▶ TASK TO CARRY OUT
Transcribe each entry in full, and leave the images out.

▶ RECORDS FOR THIS TASK
· · · · · · ·
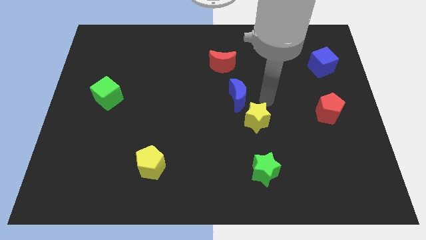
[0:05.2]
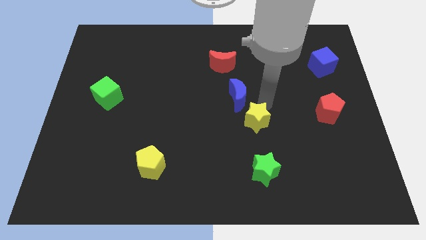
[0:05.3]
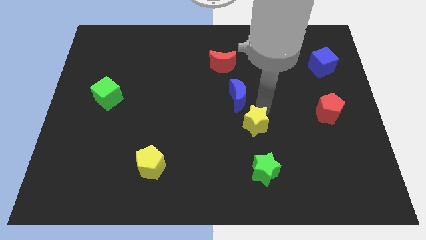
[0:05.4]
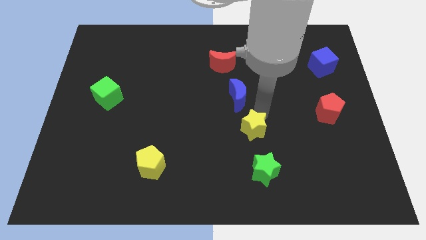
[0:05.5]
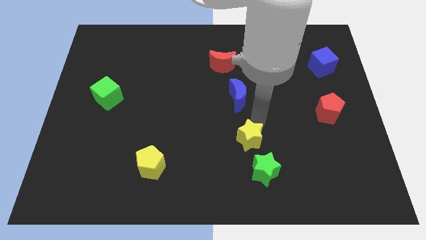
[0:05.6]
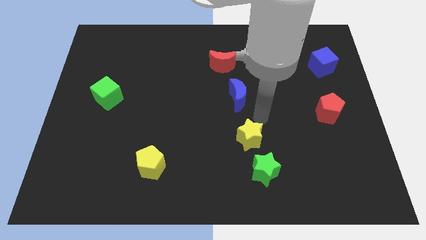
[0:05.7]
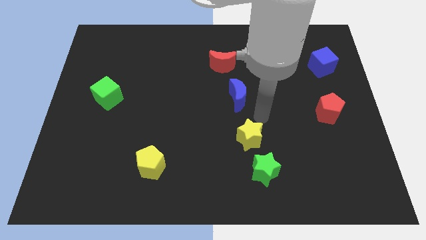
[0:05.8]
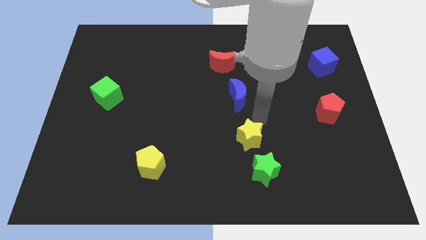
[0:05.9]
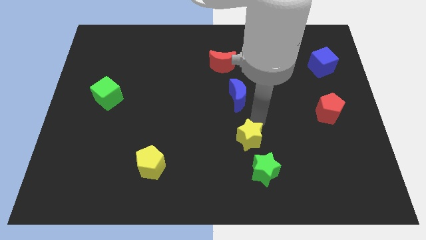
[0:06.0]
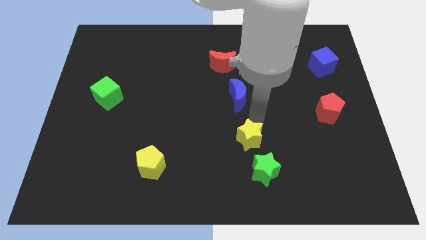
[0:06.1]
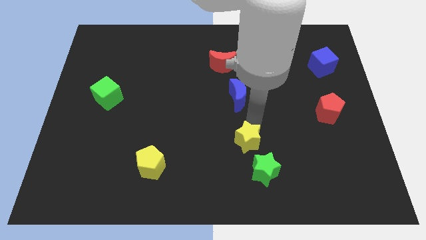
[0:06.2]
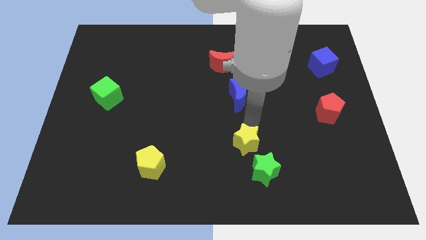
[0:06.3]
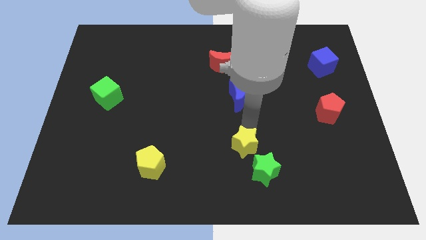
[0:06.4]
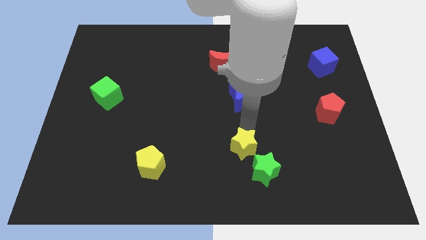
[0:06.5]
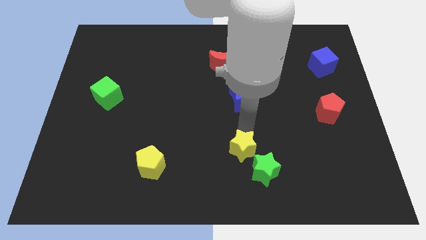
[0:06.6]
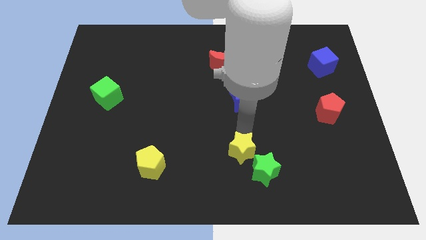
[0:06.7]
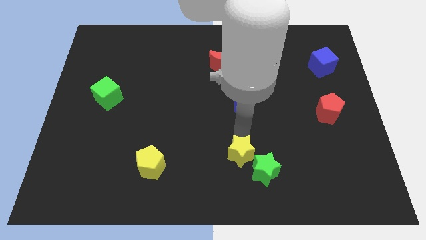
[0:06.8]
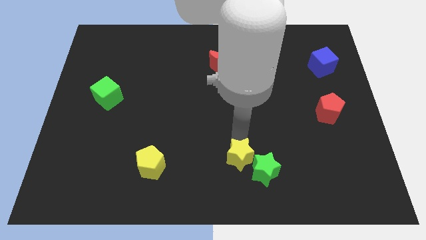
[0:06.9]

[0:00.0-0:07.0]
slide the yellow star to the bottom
· · · · · · ·
▶ SOLUTION FOR THIS TASK
[0:05.2]
[0:05.3]
[0:05.4]
[0:05.5]
[0:05.6]
[0:05.7]
[0:05.8]
[0:05.9]
[0:06.0]
[0:06.1]
[0:06.2]
[0:06.3]
[0:06.4]
[0:06.5]
[0:06.6]
[0:06.7]
[0:06.8]
[0:06.9]

[0:00.0-0:07.0]
slide the yellow star to the bottom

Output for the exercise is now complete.